[Problem] Without any pictures, output the records exactly as they are.
-*-*-
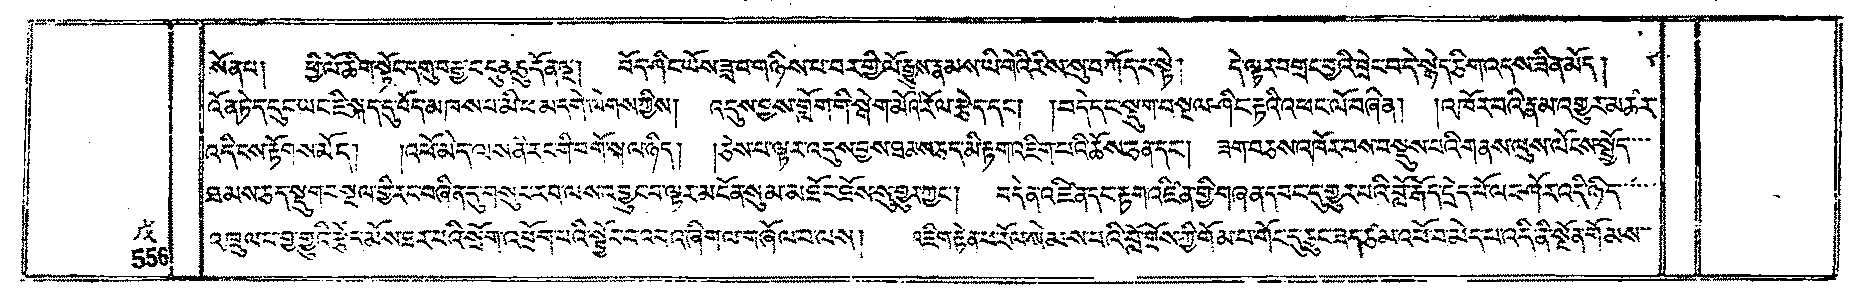སོན་པ། ཕྱི་ལོ་ཆིག་སྟོང་དགུ་བརྒྱ་བདུན་ཅུ་དོན་ལྔ། བོད་ཤིང་ཡོས་ཟླ་བ་གཉིས་པ་བར་གྱི་ལོ་རྒྱུས་རྣམས་ཡི་གེའི་རིས་སུ་བཀོད་པ་སྟེ། དེ་ལྟར་བགྲང་བྱའི་ཕྲེང་བ་དེ་སྙེད་ཅིག་འདས་ཟིན་མོད།
འོན་ཏེ་ད་དུང་ཡང་ཇི་སྐད་དུ་བོད་མཁས་པ་མི་ཕམ་དགེ་ལེགས་ཀྱིས། འདུས་བྱས་གློག་གི་སྒེག་མོའི་རོལ་རྩེད་དང་། །བདེ་དང་སྡུག་བསྔལ་ཤིང་རྟའི་འཕང་ལོ་བཞིན། །འཁོར་བའི་རྣམ་འགྱུར་མཚར་
འདི་ངས་རྟོགས་མོད། །འཕོ་མེད་ལས་ནི་རང་གི་བགོ་སྐལ་ཉིད། །ཅེས་པ་ལྟར་འདུས་བྱས་ཐམས་ཅད་མི་རྟག་འཇིག་པའི་ཆོས་ཅན་དང་། ཟག་བཅས་འཁོར་བས་བསྡུས་པའི་གནས་ལུས་ལོངས་སྤྱོད་
ཐམས་ཅད་སྡུག་བསྔལ་གྱི་རང་བཞིན་དུ་གསུང་རབ་ལས་འབྱུང་བ་ལྟར་མངོན་སུམ་མཐོང་ཐོས་སུ་གྱུར་ཀྱང་། བདེན་འཛིན་དང་རྟག་འཛིན་གྱི་གཞན་དབང་དུ་གྱུར་པའི་བློ་རྒོད་དྲེད་པོ་ལང་ཤོར་འདི་ཉིད་
འཁྲུལ་པ་གྱ་གྱུའི་རྩེད་མོས་ཐར་པའི་སྲོག་འཕྲོག་པའི་སྦྱོར་བ་འབའ་ཞིག་ལ་གཞོལ་བ་ལས། འཇིག་རྟེན་ཕ་རོལ་སེམས་པའི་བློ་གྲོས་ཀྱི་གོམ་པ་གོང་དུ་ཅུང་ཟད་ཙམ་འཕོ་བ་མེད་པ་འདི་ནི་སྔོན་གོམས་
-*-*-
[Result of the task]
སོན་པ། ཕྱི་ལོ་ཆིག་སྟོང་དགུ་བརྒྱ་བདུན་ཅུ་དོན་ལྔ། བོད་ཤིང་ཡོས་ཟླ་བ་གཉིས་པ་བར་གྱི་ལོ་རྒྱུས་རྣམས་ཡི་གེའི་རིས་སུ་བཀོད་པ་སྟེ། དེ་ལྟར་བགྲང་བྱའི་ཕྲེང་བ་དེ་སྙེད་ཅིག་འདས་ཟིན་མོད།
འོན་ཏེ་ད་དུང་ཡང་ཇི་སྐད་དུ་བོད་མཁས་པ་མི་ཕམ་དགེ་ལེགས་ཀྱིས། འདུས་བྱས་གློག་གི་སྒེག་མོའི་རོལ་རྩེད་དང་། །བདེ་དང་སྡུག་བསྔལ་ཤིང་རྟའི་འཕང་ལོ་བཞིན། །འཁོར་བའི་རྣམ་འགྱུར་མཚར་
འདི་ངས་རྟོགས་མོད། །འཕོ་མེད་ལས་ནི་རང་གི་བགོ་སྐལ་ཉིད། །ཅེས་པ་ལྟར་འདུས་བྱས་ཐམས་ཅད་མི་རྟག་འཇིག་པའི་ཆོས་ཅན་དང་། ཟག་བཅས་འཁོར་བས་བསྡུས་པའི་གནས་ལུས་ལོངས་སྤྱོད་
ཐམས་ཅད་སྡུག་བསྔལ་གྱི་རང་བཞིན་དུ་གསུང་རབ་ལས་འབྱུང་བ་ལྟར་མངོན་སུམ་མཐོང་ཐོས་སུ་གྱུར་ཀྱང་། བདེན་འཛིན་དང་རྟག་འཛིན་གྱི་གཞན་དབང་དུ་གྱུར་པའི་བློ་རྒོད་དྲེད་པོ་ལང་ཤོར་འདི་ཉིད་
འཁྲུལ་པ་གྱ་གྱུའི་རྩེད་མོས་ཐར་པའི་སྲོག་འཕྲོག་པའི་སྦྱོར་བ་འབའ་ཞིག་ལ་གཞོལ་བ་ལས། འཇིག་རྟེན་ཕ་རོལ་སེམས་པའི་བློ་གྲོས་ཀྱི་གོམ་པ་གོང་དུ་ཅུང་ཟད་ཙམ་འཕོ་བ་མེད་པ་འདི་ནི་སྔོན་གོམས་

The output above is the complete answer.